Il Sole 24 Ore recensisce Città distrutte

La Domenica de Il Sole 24 Ore, 2 settembre 2012
Michele De Mieri, Piccoli compendi di sconfitte

Un libro per niente usuale, poco parificato alle vigenti regole editoriali delle collane di narrativa, s’aggira quasi clandestino nelle librerie italiane, dopo aver atteso tre anni per trovare un editore. Arriva da un esordiente ultraquarantenne, uno storico di formazione che cesella «Sei biografie infedeli»: così recita il sottotitolo di Città distrutte, il libro – da leggere – scritto da Davide Orecchio per l`editore Gaffi e finalista al Mondello. È un genere ibrido quello che ha scelto Orecchio per queste sei storie, un riuscito intarsio di diari, biografie, foto e invenzione narrativa. Un calco di vite reali che diventa un tutt’uno sommandosi a quello di vite immaginate, in cinque casi su sei un reticolo di storie che si dipana nelle tragedie del secolo breve, un incontro tra le minute esigenze degli individui e l’avanzare impietoso di ideologie e Stati autoritari.

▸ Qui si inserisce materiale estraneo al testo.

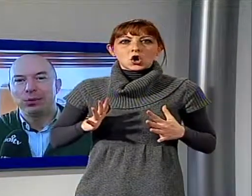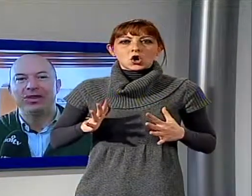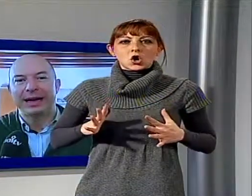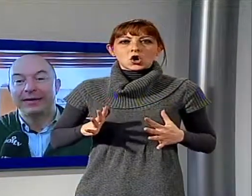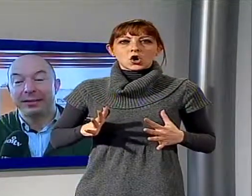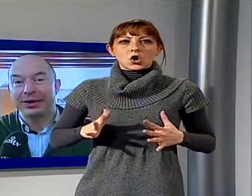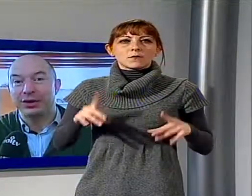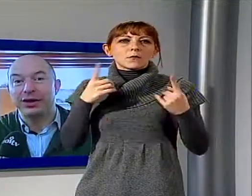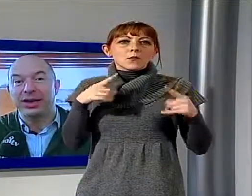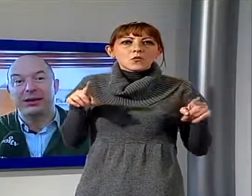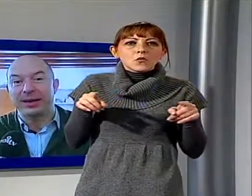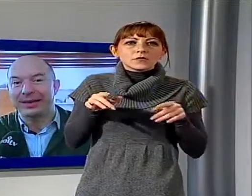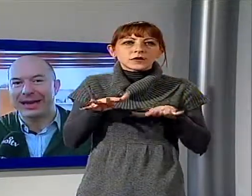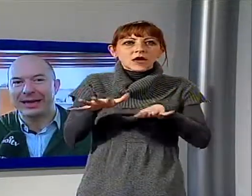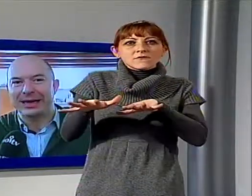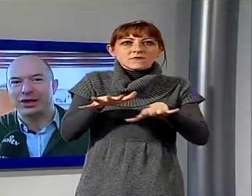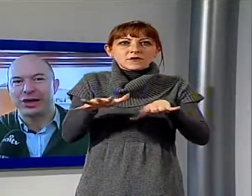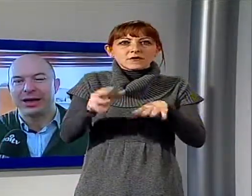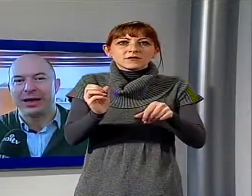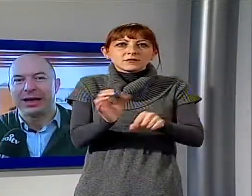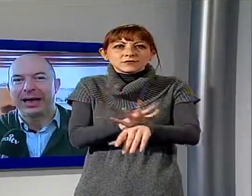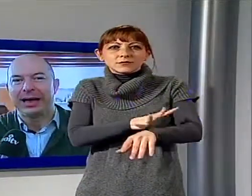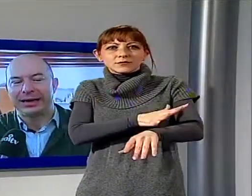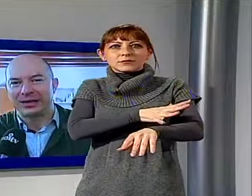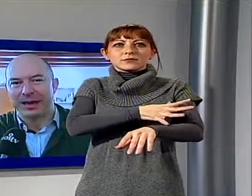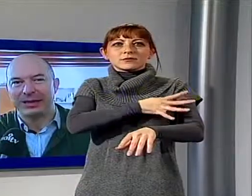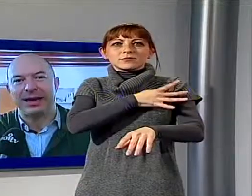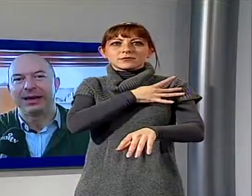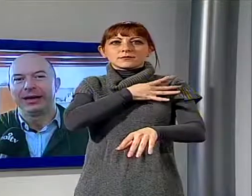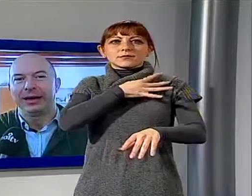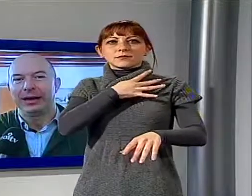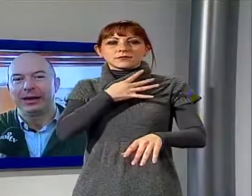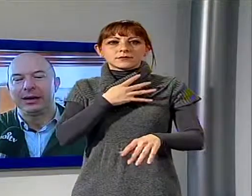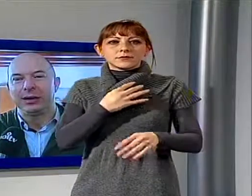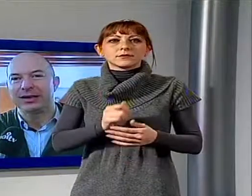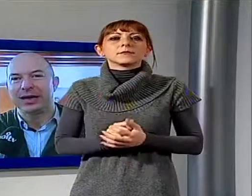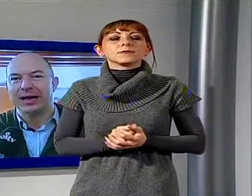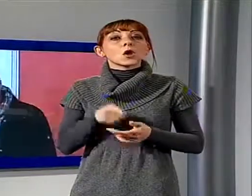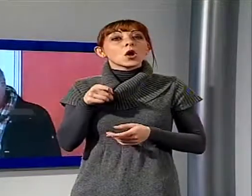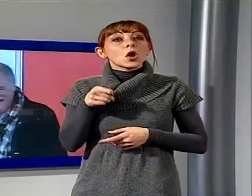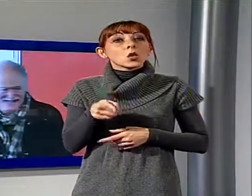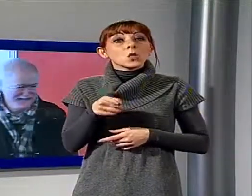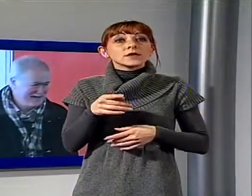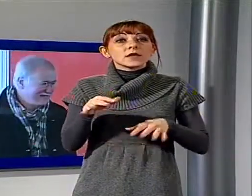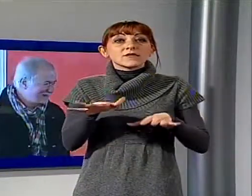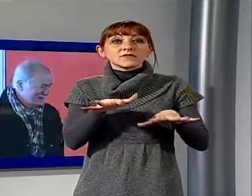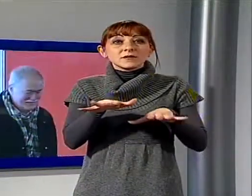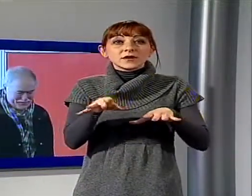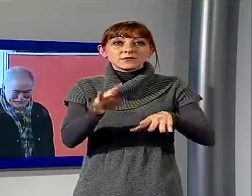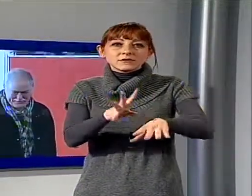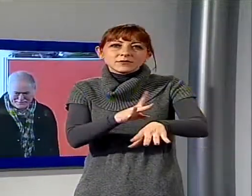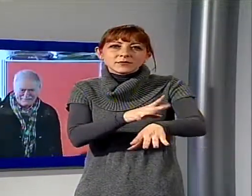musica, le vibrazioni che questa pedana riesce a trasmettere. Queste vibrazioni ti
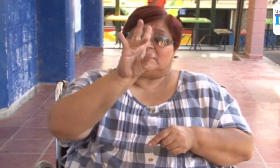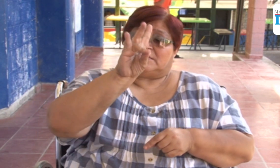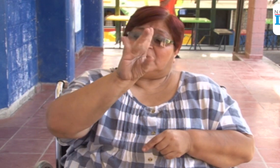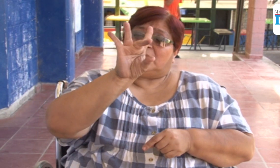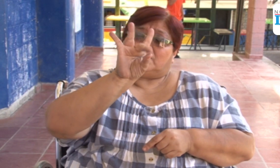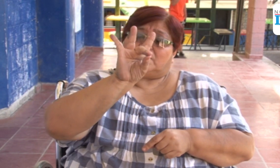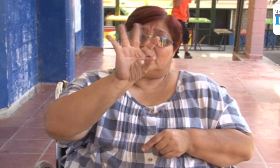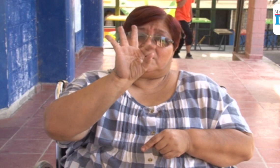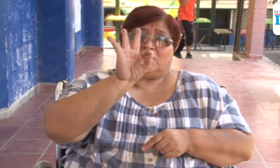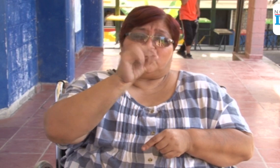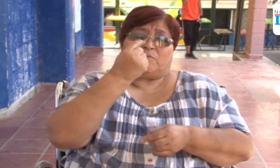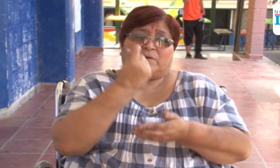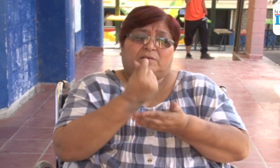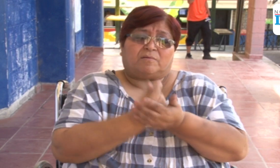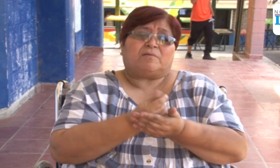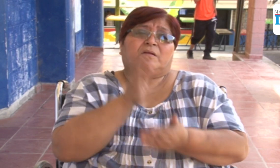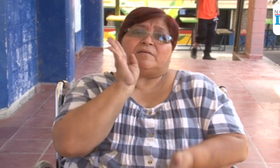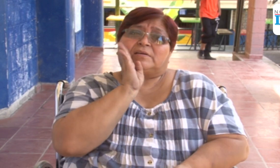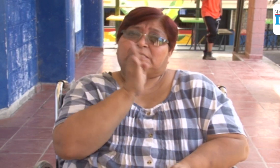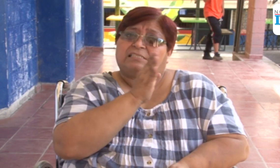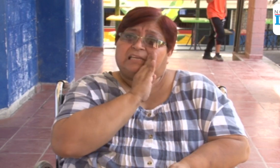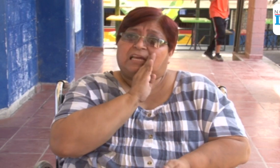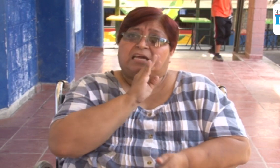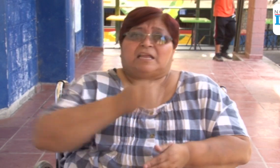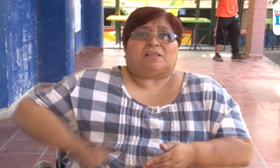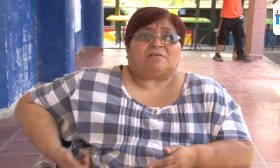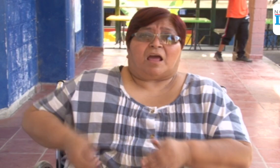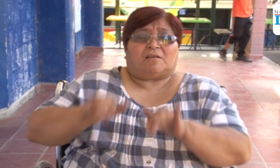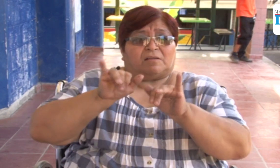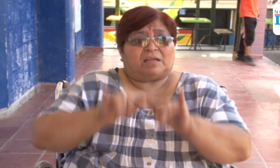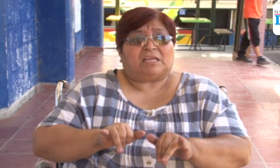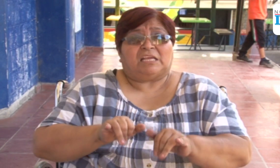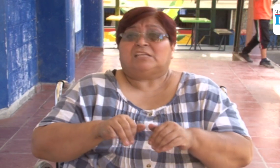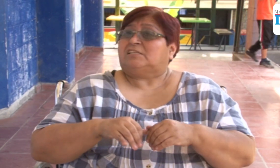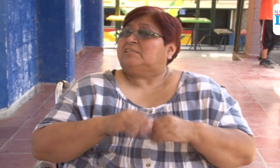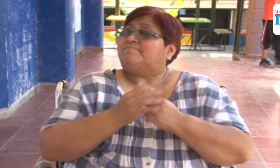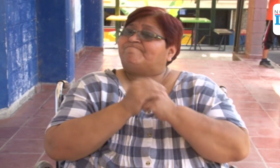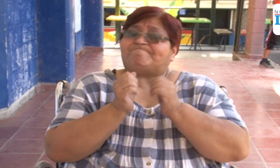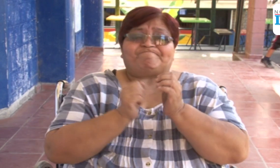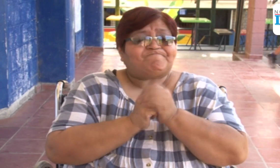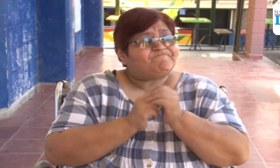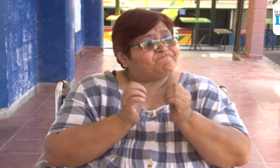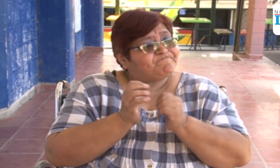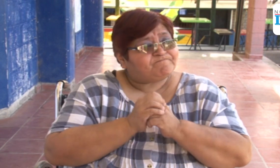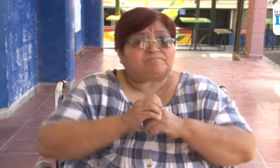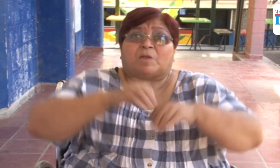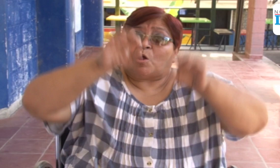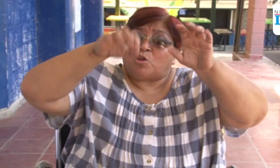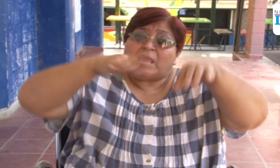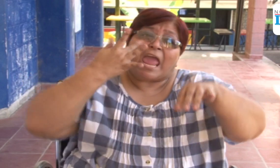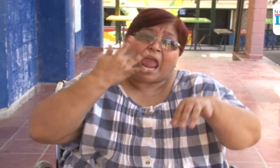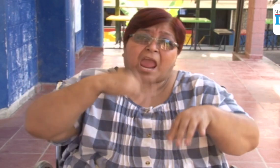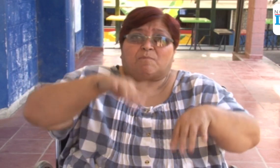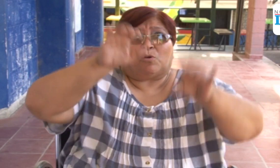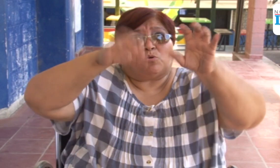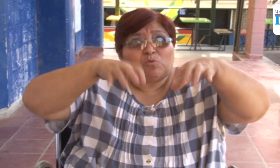Tampoco hay focos ni energía eléctrica. Cuando llueve, los estudiantes deben sacar el agua que se cuela en los salones. Además,

Ester Terracina, ragazza argentina d’origine italiana inabissata dentro la lista infinita dei desaparecidos; Eschilo Licursi, sindacalista molisano in lotta per la dignità dei contadini della sua terra che viene poi dimenticato dal suo partito; Valentin Rakar, regista sovietico esiliato a Roma dove vaneggia un impossibile ritorno alla sua terra e alla sua famiglia; Pietro Migliorisi, prima poeta littoriano poi giornalista, prima fascista entusiasta poi comunista, sempre entusiasta, infine montaliano per sempre; Retta Rauch, scrittrice e poeta che mai pubblicò un rigo, donna infelice in un’epoca di liberazione dei costumi; infine Kauder, diplomatico prussiano nella Roma d’inizio Ottocento, innamorato della decadenza capitolina più d’ogni altra cosa. Dietro, dentro questi personaggi s’insinuano frammenti d’esistenze reali, uomini e donne piegati dalla Storia; lettere, versi, riflessioni dove, prima di tutto, si fa esperienza della sconfitta, del dolore. È abile l’autore a seminare parole che cambiano di bocca ma che restituiscono un senso reale a una vita inventata, sorveglia il suo tragitto durante ognuno dei racconti, ci mette a parte del corpo a corpo spirituale che ognuna di queste esistenze generano in lui.

Con le carte dell`archivio coniugate all’invenzione, Orecchio fa migrare tratti e pensieri di Andrej Tarkovskij in Valentin Rakar, il pensiero e l’opera di Wilhelm von Humboldt nella vita di Kauder, e ancor meglio gli riesce l’operazione nelle altre quattro biografie manipolate, dove memorie di famiglia e pratica da bravo storico compiono un piccolo prodigio narrativo, sostenuto da una lingua sempre elaborata che a scarti improvvisi ci porta sull`abisso di cui hanno fatto esperienza le tipologie umane che Città distrutte ben illumina. Da germanista Orecchio sa che i suoi ritratti sono prossimi a quelli di Gli emigrati di W.G. Sebald, senza sfigurare.